The chairman of the review board, Robert Warren, was quoted as saying
that, "The appeal panel members felt that this would be a very
appropriate educational video for use by teachers and that sort of
thing." And this is where my theory about the teachers' lounge comes
in to play, because I'm pretty sure most teachers don't want to show
their students a pro-marijuana film in which monkeys toke. So they
must be watching it themselves.

Although you could argue that the monkeys inhaling marijuana is just a
more graphic illustration of the "monkey see monkey do" principle,
also known as "If all your friends jumped off a bridge would you go
jump off a bridge, too?" Or maybe the monkeys smoking pot is just a
more accurate portrayal of the "this is your brain on drugs" slogan
that was the centrepiece of the public service announcements that were
so popular a few years back.
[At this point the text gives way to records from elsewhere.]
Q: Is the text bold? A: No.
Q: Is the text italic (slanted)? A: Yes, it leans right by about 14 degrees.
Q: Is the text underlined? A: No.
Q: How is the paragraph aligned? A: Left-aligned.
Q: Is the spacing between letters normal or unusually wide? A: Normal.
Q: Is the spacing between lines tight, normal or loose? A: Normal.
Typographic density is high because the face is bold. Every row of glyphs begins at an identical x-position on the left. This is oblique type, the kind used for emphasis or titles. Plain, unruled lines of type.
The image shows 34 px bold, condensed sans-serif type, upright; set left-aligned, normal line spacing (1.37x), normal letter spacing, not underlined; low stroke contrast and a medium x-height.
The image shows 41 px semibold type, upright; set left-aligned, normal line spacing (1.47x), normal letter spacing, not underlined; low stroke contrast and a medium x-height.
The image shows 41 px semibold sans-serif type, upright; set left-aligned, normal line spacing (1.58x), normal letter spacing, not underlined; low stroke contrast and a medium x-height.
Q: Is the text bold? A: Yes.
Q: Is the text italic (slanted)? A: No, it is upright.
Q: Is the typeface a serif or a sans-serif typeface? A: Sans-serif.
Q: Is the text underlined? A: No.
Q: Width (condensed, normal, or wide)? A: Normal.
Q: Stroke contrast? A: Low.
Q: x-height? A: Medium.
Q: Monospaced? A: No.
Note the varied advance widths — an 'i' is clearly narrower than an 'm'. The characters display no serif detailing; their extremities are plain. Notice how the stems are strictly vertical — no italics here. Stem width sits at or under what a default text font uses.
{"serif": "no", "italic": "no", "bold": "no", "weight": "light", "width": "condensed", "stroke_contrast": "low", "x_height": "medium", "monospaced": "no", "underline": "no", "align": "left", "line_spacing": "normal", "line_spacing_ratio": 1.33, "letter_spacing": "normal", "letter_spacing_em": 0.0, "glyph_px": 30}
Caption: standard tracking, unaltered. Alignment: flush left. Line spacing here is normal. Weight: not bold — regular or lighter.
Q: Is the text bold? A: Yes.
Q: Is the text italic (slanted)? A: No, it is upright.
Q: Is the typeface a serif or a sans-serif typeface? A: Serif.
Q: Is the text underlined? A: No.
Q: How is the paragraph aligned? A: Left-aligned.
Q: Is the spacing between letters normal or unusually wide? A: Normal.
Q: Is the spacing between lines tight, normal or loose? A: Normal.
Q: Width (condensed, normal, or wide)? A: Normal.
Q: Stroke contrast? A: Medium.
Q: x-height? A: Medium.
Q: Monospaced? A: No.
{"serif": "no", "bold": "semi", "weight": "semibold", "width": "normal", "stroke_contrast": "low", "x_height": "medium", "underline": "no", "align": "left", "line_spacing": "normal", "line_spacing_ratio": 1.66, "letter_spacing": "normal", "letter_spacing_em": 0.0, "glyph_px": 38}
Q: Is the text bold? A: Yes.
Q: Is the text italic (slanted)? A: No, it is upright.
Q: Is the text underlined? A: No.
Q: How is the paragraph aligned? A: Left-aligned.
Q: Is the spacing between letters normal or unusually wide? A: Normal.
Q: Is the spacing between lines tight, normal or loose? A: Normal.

You remember, the one with the egg in the
frying pan.

You know, to this day, I'm convinced those ads were produced by law
enforcement officials as a painfully lazy way of catching drug users.
Think about it. All they had to do was run the ad with the frying egg
and then just go and stake out a Denny's, because you know the guys
they're after are watching those commercials and saying, "Oh man. I am
sooo hungry."

Busted.

OVERTURNED BAN

Actually, as far as I could tell reading the newspaper article, it
doesn't appear that any teachers actually requested Grass for classroom
use. That idea seems to have come from the review appeals board itself.
The same appeals board that overturned the ban in under half an hour. I
think it's just a little odd that government bureaucrats are suggesting
pro-marijuana films for classroom use. And now I want to know how many
of them were actually at Woodstock and if any of them remember the
'60s. So I tried calling their office. They were all at Denny's.